> **EXERCISE AIM**
Below are lines of data. Give the number of them that contain the string "rect", and nothing else.

[Records excerpted from a collection]
::::::

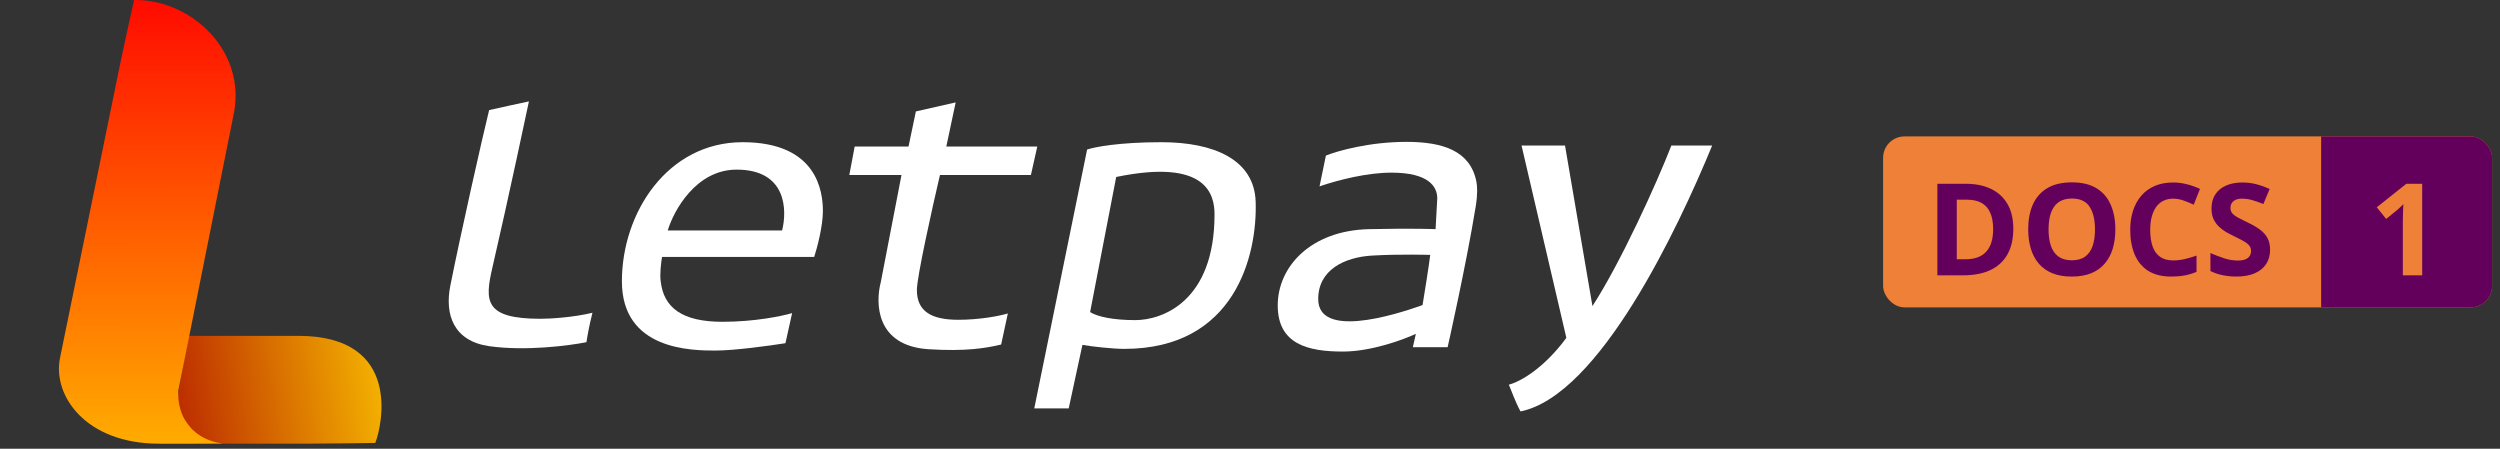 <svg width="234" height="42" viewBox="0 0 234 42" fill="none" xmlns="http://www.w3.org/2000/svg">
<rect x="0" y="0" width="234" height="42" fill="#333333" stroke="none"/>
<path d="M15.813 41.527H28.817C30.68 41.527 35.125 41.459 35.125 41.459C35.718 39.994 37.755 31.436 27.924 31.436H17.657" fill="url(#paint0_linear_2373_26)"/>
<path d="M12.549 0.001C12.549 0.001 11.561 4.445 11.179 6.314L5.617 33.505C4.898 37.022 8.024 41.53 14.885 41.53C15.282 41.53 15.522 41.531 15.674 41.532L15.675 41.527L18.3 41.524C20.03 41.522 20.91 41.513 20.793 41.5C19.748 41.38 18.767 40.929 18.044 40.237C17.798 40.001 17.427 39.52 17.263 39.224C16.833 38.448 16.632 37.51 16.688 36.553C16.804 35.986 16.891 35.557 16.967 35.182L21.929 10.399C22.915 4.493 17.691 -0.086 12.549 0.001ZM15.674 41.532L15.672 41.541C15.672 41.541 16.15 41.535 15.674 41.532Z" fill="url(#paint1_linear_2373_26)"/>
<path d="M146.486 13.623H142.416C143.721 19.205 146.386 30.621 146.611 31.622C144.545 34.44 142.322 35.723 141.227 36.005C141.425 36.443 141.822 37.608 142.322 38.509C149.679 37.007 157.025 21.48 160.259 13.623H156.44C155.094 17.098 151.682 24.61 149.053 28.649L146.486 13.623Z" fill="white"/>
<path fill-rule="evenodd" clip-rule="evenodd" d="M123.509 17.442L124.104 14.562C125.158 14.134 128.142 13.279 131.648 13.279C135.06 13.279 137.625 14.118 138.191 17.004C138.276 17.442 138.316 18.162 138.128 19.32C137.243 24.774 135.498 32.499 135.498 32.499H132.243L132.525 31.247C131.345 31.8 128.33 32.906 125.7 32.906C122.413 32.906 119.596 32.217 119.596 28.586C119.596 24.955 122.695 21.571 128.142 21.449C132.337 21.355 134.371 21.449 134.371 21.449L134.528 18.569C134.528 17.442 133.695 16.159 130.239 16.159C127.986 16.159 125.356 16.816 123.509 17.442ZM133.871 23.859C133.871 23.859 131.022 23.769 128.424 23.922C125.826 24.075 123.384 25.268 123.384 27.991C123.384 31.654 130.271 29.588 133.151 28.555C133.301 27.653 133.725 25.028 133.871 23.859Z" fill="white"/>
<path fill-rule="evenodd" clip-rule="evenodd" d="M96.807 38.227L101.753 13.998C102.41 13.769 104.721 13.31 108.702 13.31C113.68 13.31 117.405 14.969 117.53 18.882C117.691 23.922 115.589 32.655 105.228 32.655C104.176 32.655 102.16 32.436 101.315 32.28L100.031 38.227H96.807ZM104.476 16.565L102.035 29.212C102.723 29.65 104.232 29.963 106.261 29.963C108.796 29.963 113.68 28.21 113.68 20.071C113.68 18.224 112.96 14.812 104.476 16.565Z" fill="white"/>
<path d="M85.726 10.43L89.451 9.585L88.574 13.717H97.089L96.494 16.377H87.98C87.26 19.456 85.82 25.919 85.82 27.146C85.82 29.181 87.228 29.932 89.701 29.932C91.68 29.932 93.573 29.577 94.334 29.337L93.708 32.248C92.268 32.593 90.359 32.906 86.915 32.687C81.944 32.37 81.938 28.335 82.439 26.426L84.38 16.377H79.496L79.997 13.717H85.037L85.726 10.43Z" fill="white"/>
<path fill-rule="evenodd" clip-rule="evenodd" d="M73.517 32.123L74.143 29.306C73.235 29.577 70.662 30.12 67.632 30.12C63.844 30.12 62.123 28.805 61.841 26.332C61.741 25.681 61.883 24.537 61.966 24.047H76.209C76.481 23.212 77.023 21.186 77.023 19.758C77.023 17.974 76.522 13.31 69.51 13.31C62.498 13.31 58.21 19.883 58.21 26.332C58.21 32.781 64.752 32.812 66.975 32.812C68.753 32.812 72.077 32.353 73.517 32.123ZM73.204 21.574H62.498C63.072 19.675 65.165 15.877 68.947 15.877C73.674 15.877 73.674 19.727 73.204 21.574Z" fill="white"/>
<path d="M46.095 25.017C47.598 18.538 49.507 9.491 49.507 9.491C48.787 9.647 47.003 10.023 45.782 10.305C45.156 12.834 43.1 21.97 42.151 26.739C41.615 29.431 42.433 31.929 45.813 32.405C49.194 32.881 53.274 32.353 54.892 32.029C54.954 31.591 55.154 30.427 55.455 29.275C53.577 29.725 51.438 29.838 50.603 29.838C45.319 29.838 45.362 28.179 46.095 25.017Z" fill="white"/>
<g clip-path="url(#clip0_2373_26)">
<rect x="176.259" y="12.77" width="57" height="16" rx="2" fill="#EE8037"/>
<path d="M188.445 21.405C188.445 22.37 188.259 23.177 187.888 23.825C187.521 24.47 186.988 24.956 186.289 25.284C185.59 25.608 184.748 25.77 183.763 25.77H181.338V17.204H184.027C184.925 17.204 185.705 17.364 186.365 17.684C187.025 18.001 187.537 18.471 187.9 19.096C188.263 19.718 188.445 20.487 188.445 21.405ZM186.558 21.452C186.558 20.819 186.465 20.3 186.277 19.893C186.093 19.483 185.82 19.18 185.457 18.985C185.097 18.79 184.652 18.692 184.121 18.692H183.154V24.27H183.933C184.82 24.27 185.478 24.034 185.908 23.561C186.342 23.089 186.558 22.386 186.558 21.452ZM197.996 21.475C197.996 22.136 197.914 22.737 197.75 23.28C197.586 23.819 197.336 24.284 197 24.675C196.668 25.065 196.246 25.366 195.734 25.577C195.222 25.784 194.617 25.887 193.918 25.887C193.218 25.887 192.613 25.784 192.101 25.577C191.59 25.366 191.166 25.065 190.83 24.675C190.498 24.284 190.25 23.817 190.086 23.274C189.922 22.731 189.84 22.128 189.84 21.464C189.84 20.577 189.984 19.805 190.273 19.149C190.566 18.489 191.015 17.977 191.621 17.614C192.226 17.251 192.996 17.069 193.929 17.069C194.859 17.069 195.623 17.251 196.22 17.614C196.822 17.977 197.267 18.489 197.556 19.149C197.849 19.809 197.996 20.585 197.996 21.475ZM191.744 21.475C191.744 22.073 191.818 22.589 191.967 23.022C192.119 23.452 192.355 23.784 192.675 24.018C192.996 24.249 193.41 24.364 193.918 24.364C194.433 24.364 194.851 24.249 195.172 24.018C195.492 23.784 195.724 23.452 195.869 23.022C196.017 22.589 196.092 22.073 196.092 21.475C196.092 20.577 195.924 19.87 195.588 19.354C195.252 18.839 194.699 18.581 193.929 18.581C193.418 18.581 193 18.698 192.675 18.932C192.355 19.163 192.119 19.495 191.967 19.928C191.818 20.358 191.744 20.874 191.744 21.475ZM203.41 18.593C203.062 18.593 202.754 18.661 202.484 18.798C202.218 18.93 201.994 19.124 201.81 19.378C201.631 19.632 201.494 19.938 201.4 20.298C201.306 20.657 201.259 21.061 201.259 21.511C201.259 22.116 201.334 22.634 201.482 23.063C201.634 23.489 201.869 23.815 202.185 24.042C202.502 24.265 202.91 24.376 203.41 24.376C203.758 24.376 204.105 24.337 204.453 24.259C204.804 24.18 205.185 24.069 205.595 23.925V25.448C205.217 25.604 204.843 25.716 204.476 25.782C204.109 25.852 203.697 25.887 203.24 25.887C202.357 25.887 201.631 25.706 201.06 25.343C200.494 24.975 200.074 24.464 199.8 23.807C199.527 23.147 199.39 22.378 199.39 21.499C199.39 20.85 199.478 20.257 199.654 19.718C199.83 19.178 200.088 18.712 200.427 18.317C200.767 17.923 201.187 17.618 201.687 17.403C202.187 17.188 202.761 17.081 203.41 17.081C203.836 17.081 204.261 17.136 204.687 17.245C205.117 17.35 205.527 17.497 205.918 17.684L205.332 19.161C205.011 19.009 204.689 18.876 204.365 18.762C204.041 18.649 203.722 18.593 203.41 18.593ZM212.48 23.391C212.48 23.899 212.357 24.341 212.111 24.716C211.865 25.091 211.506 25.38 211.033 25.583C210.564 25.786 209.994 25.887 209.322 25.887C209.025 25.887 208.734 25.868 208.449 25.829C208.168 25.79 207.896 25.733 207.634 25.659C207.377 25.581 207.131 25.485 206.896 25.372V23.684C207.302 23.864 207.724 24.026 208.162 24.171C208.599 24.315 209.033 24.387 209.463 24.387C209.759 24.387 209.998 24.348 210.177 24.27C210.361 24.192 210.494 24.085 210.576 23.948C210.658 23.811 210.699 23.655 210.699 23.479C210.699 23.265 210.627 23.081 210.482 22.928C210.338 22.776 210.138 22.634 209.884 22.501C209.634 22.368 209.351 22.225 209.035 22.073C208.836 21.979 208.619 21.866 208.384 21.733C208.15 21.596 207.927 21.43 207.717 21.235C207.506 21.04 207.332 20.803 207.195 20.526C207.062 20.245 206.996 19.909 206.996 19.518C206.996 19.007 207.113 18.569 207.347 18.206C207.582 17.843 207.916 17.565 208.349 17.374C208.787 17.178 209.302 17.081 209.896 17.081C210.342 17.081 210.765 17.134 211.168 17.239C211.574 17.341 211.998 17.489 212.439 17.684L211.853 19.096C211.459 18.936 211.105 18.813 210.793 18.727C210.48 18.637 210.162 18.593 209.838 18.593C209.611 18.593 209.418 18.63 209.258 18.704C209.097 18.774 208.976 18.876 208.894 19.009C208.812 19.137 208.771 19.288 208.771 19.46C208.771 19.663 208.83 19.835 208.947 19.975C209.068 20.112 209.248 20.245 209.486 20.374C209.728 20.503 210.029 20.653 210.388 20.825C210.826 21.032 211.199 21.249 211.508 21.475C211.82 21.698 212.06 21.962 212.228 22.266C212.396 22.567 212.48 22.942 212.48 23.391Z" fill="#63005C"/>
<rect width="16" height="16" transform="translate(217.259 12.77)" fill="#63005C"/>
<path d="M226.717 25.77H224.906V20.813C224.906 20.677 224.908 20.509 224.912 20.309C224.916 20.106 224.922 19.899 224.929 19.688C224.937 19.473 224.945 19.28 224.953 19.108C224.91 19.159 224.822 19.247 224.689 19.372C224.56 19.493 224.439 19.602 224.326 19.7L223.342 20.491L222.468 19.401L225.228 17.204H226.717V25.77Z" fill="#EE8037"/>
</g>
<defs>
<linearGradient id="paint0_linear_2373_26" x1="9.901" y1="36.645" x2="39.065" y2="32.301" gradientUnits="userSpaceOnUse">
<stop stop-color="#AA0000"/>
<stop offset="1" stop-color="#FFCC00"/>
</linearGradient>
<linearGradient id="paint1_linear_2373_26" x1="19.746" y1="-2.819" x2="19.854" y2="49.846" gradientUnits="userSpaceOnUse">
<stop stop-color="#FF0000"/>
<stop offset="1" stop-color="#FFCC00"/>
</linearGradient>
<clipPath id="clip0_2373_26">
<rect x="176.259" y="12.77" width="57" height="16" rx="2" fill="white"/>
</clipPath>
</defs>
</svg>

::::::

> **OUTPUT FOR THIS TASK**
4